Sabtu, 07 November 2020

3L3W TPB 1 - Chapter 11 Part 4


Three Lives Three Worlds, The Pillow Book 1

Chapter 11 Part 4


Tangan itu kini mengoleskan sesuatu seperti salep ke keningnya yang bengkak. Tangan itu terus mengelusnya lembut. Terasa menyenangkan, seperti sebuah mimpi indah, dan Fengjiu tertidur lebih lelap.

Ah, ini adalah aroma salep cotton rosemallow

Fengjiu tahu sekarang! 

Salep Mufurong dapat meredakan rasa sakit dan mengobati bengkak.

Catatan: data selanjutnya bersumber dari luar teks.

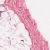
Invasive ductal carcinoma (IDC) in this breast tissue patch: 0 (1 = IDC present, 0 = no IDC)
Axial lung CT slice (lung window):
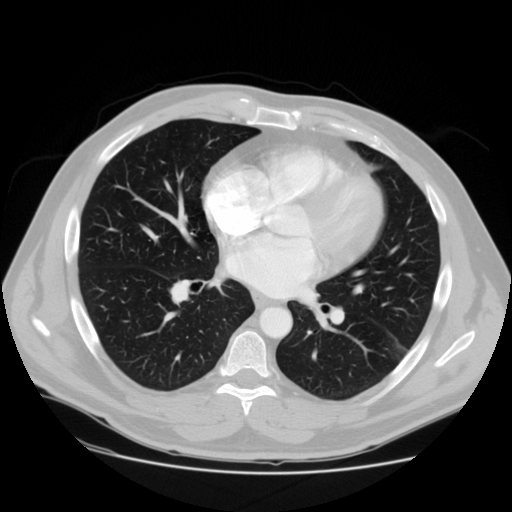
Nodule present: no
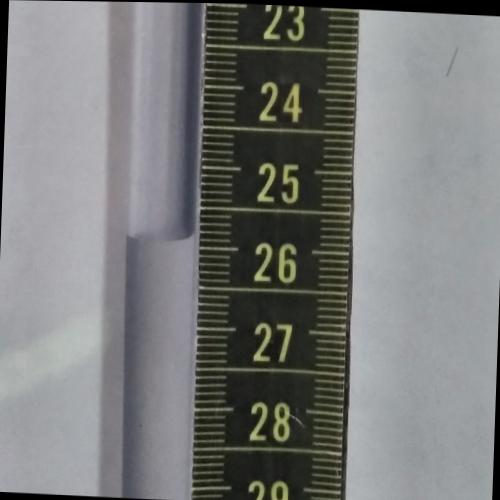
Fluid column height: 25.9 cm
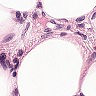
Metastatic tissue present: no
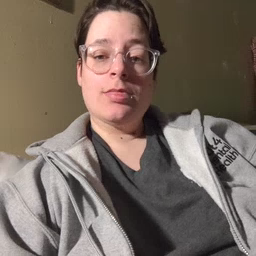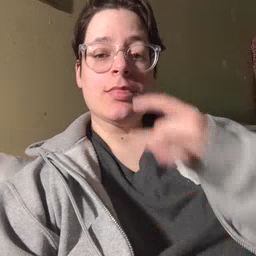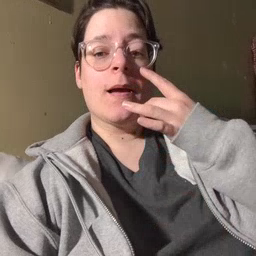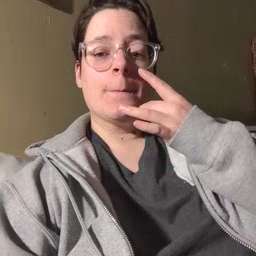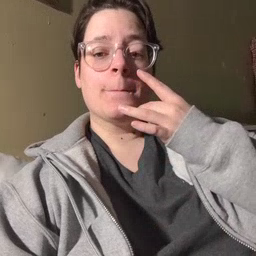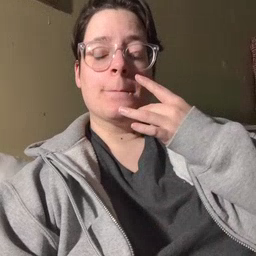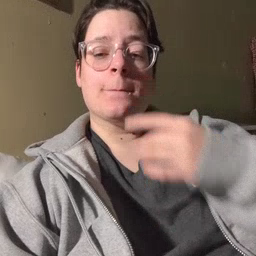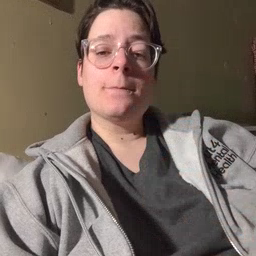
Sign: lamp
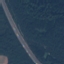
Land use / land cover class: Highway

Ia tahu sekali soal ini.

Ketika ia masih seekor bayi rubah di Istana Taichen, Fengjiu sering berlari ke kebun kecil untuk memetik beberapa bunga Mufurong. Pada saat itu, bersebelahan dengan dinding yang diselimuti Bodhi, terdapat beberapa tanaman Mufurong. Kelopak rapuh mereka bertebaran di tanah setiap kali angin bertiup.

Fengjiu menggunakan kakinya untuk mengumpulkan kelopak bunga di dalam kantong sutra yang diberikan Zhonglin padanya. Ketika Fengjiu sudah punya cukup kelopak bunga, ia akan mengencangkan ikatan kantong dengan giginya dan berlari gembira ke mata air kecil di dekat sana untuk merendam kelopak itu menjadi salep yang nantinya akan ia berikan pada Donghua untuk mengobati luka-lukanya.

Dulu, tangan Donghua sering pecah-pecah entah karena alasan yang tak bisa dijelaskan. Saat ia memberikan salep bunga itu pada Donghua, ia akan mengelus telinga Fengjiu.

Fengjiu bukanlah seorang yang puitis, tetapi ia menuliskan sebait pendek hari itu dalam ingatannya akan perasaannya:

Bunga mekar dan layu, bunga menjadi bubuk. Dalam kebahagiaan dan harmoni, selalu bersama, kau dan aku.”

Ketika Fengjiu menunjukkan puisi ini pada Siming, ia terbahak-bahak dan memberitahu Fengjiu ia mau muntah karena kegombalan Fengjiu. 

Fengjiu mendengung dan menunjukkan kalimat tambahan: “Kau mungkin ingin muntah, tapi aku tidak.”

Saat Fengjiu pergi dengan gembira, ekornya mengibas, ia berpikir sendiri, kalau ia hanya pernah menuliskan satu puisi seumur hidupnya, tetapi orang yang ia tujukan tak akan pernah bisa membacanya. Dalam mimpinya, Fengjiu merasakan sebuah kesedihan mendadak.

***

Lengan Fengjiu tiba-tiba saja terangkat. Pakaian dalam sutranya diturunkan hingga ke bahunya. Rasa dingin di hatinya dengan cepat menyebar hingga ke jari tangannya. Fengjiu menggigil.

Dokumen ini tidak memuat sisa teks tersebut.